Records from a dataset
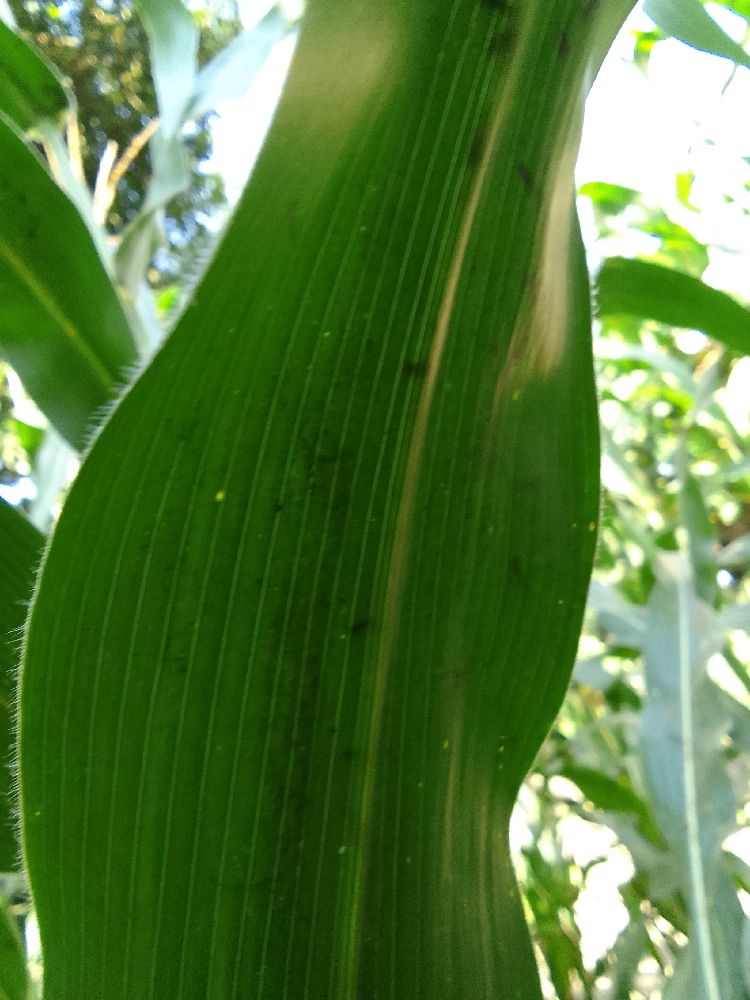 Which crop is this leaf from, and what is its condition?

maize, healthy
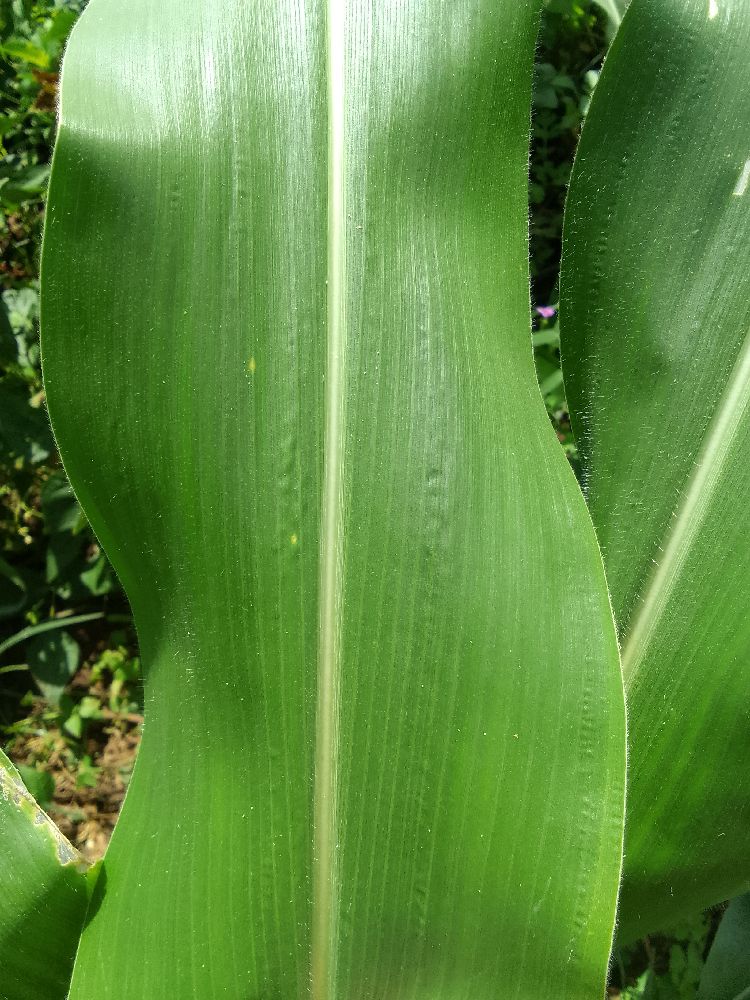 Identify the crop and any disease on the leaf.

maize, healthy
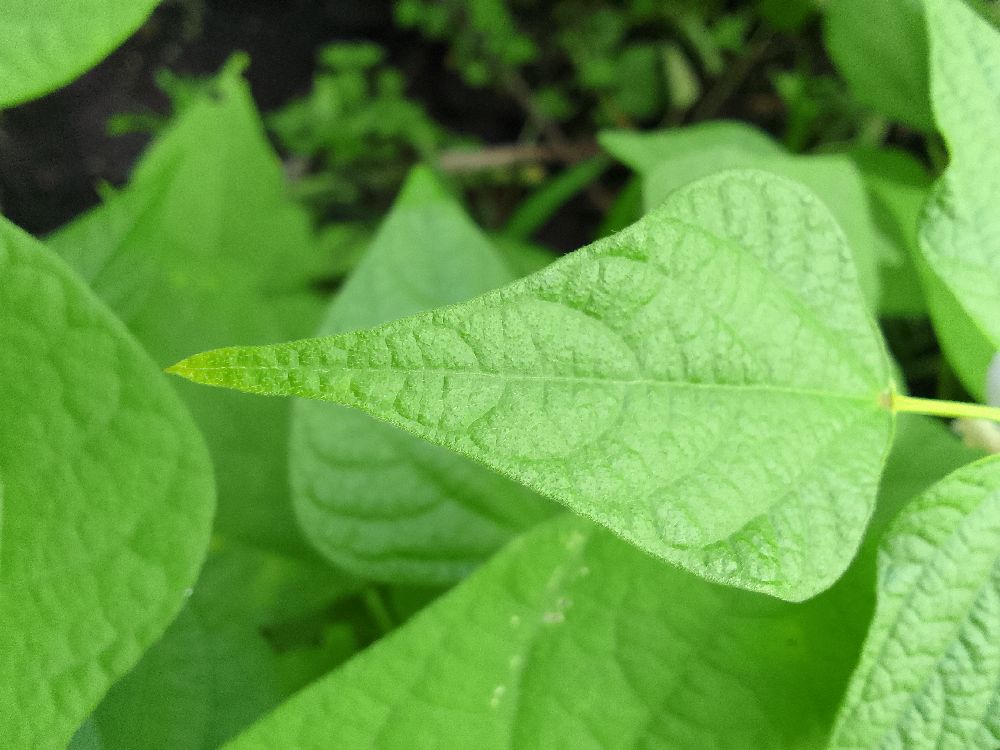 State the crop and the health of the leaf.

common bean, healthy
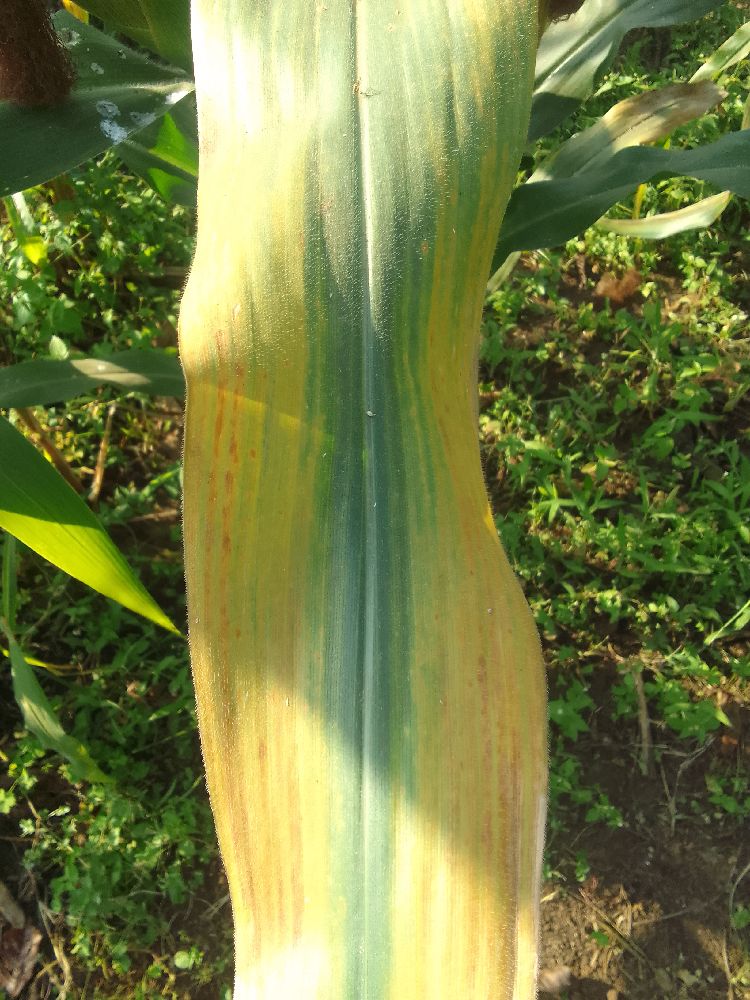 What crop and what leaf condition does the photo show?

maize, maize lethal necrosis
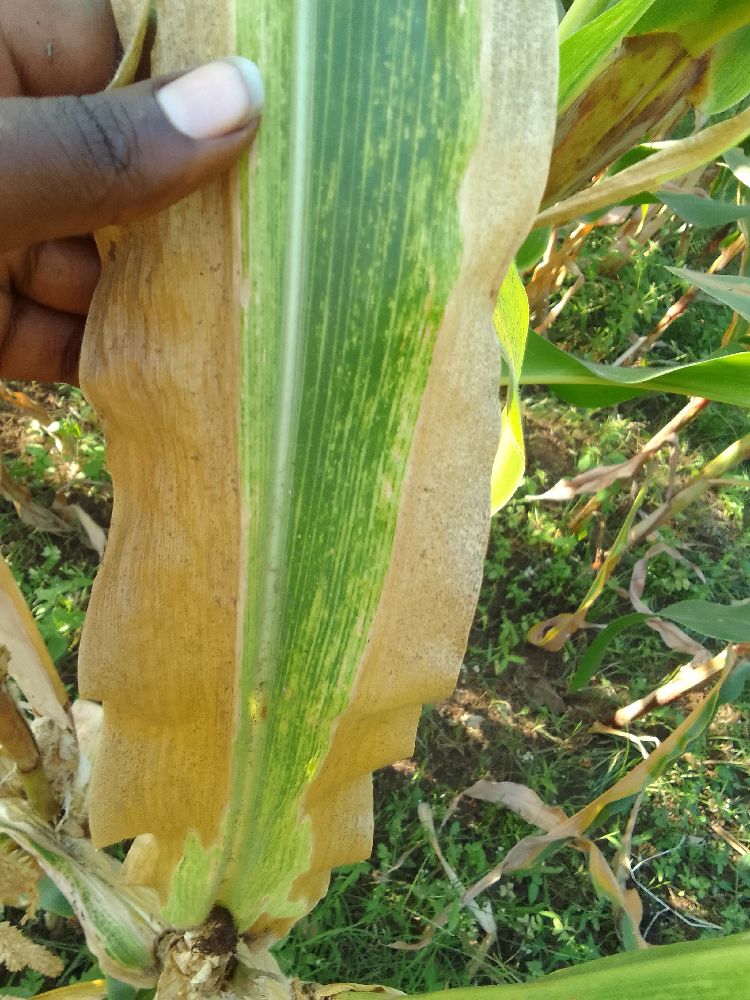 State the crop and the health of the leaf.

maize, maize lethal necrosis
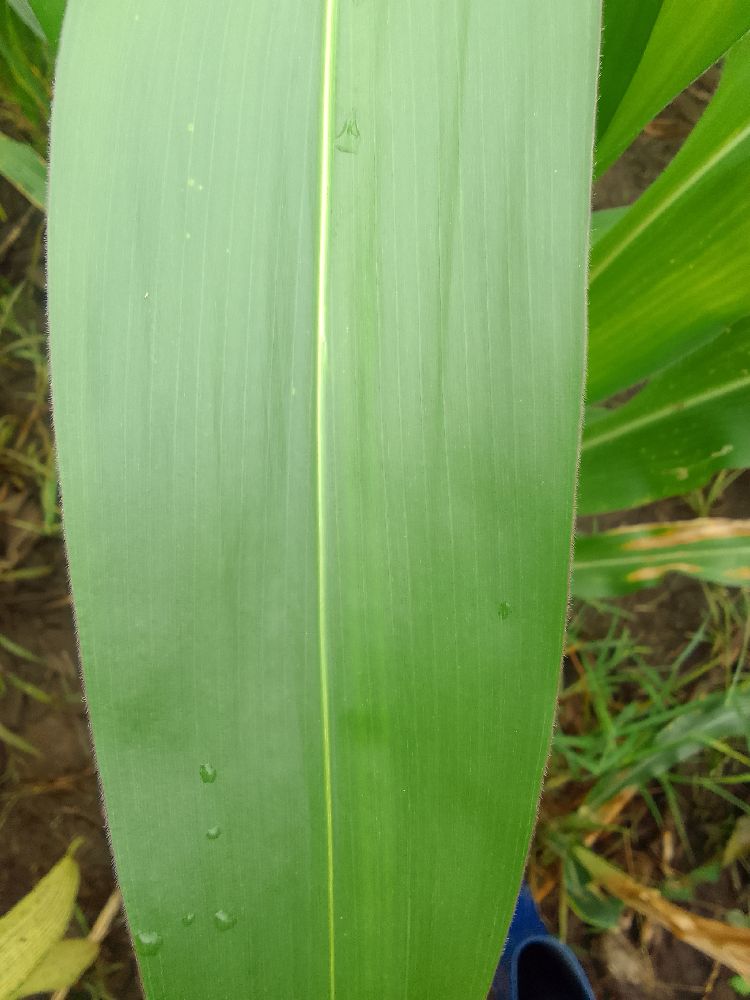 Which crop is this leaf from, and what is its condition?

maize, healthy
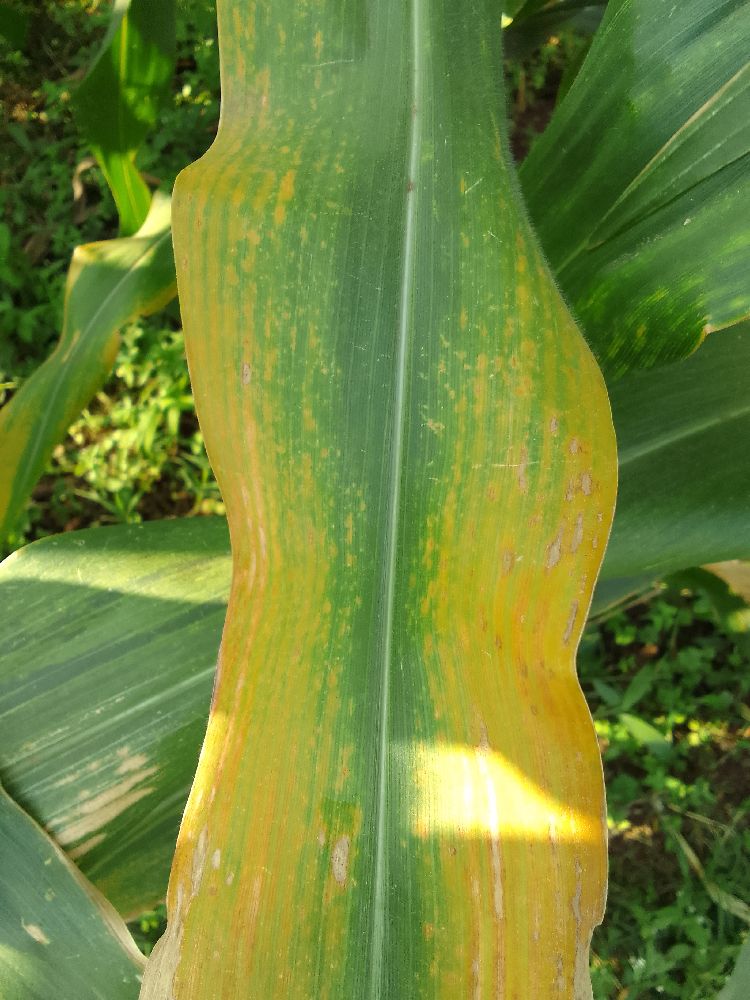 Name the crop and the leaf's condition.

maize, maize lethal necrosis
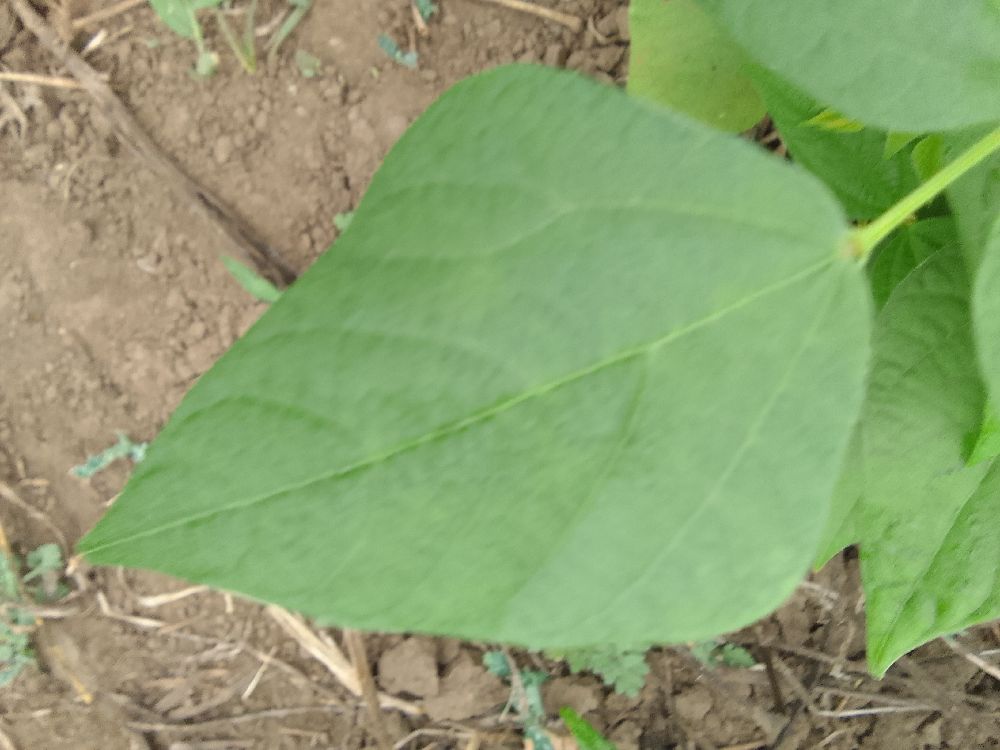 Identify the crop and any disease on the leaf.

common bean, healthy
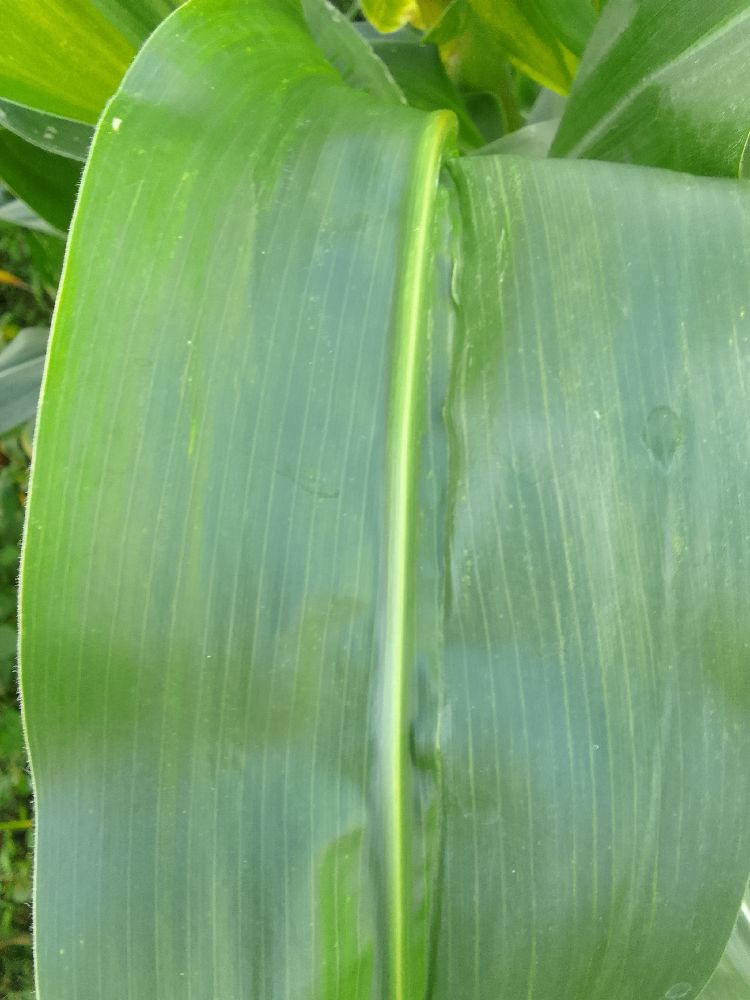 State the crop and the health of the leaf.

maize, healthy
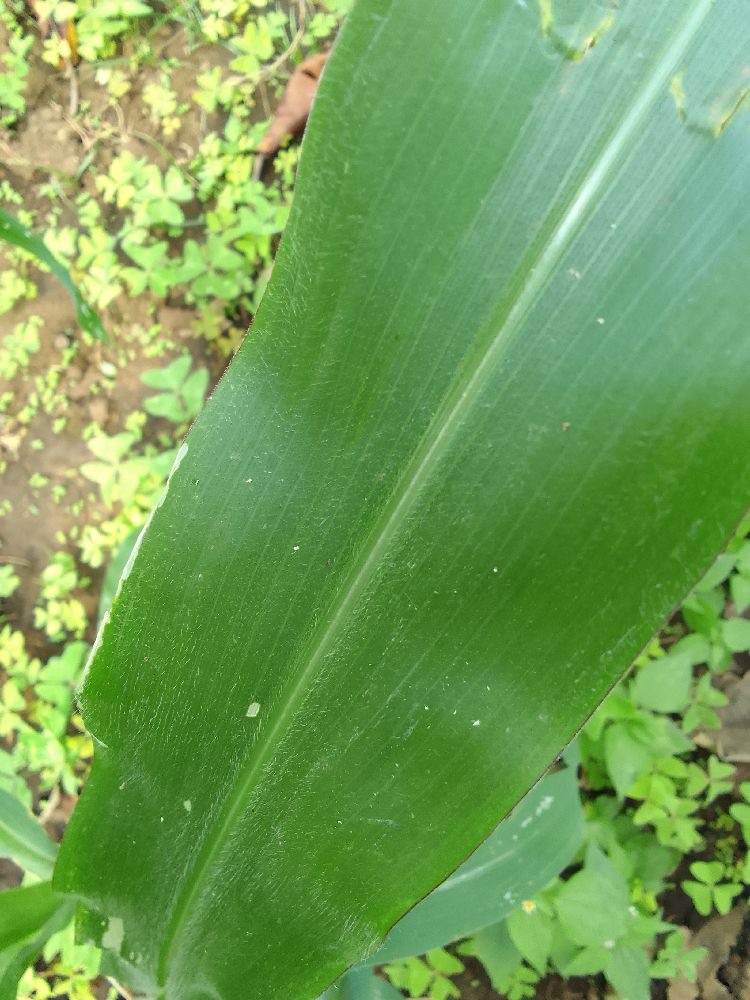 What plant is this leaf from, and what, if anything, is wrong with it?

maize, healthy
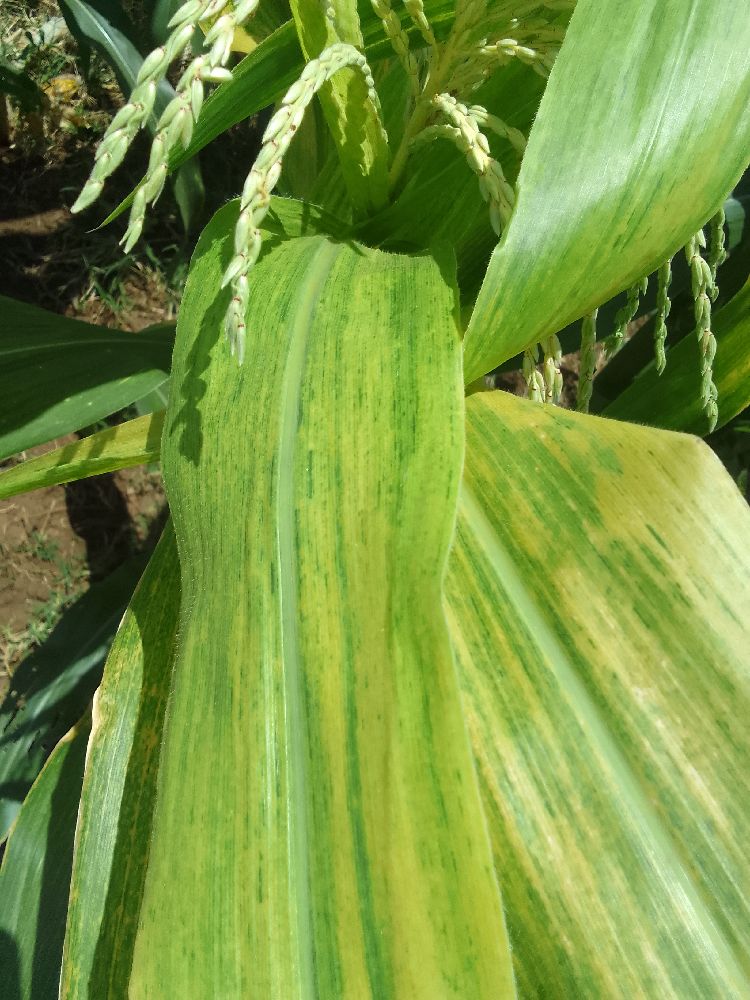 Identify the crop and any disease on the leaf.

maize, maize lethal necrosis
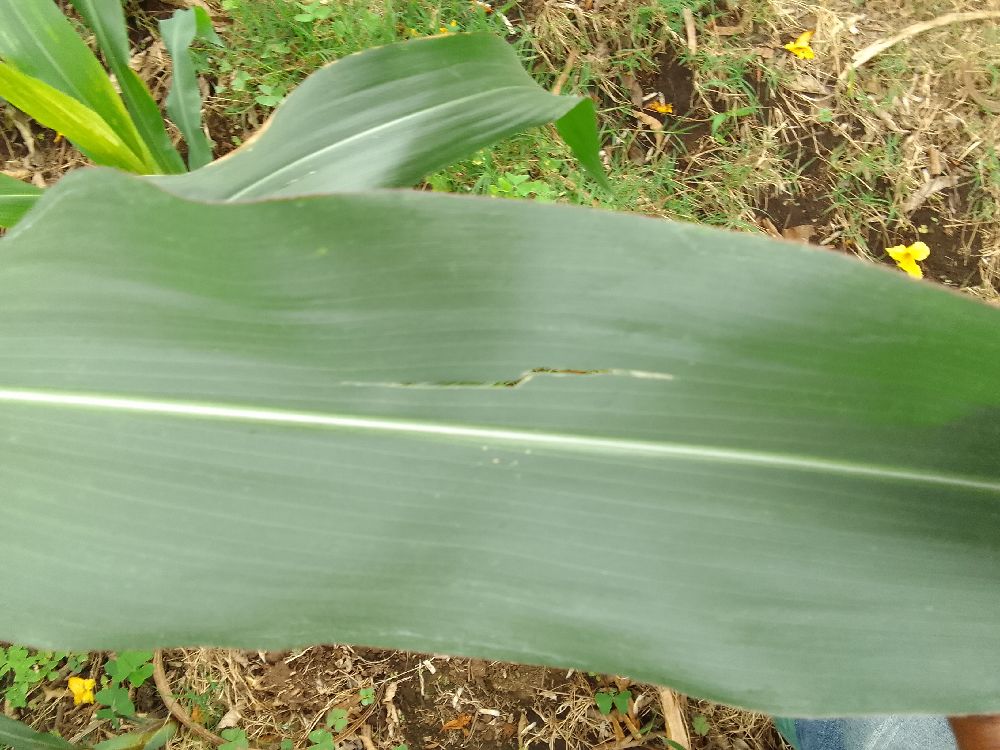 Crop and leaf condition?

▸ **PROBLEM DESCRIPTION**: For this exercise, reproduce the data above exactly from the line containing "Name the crop and the leaf's condition." through its final line, both ends included, with no pictures in the copy.

▸ **ANSWER SECTION**:
 Name the crop and the leaf's condition.

maize, maize lethal necrosis
 Identify the crop and any disease on the leaf.

common bean, healthy
 State the crop and the health of the leaf.

maize, healthy
 What plant is this leaf from, and what, if anything, is wrong with it?

maize, healthy
 Identify the crop and any disease on the leaf.

maize, maize lethal necrosis
 Crop and leaf condition?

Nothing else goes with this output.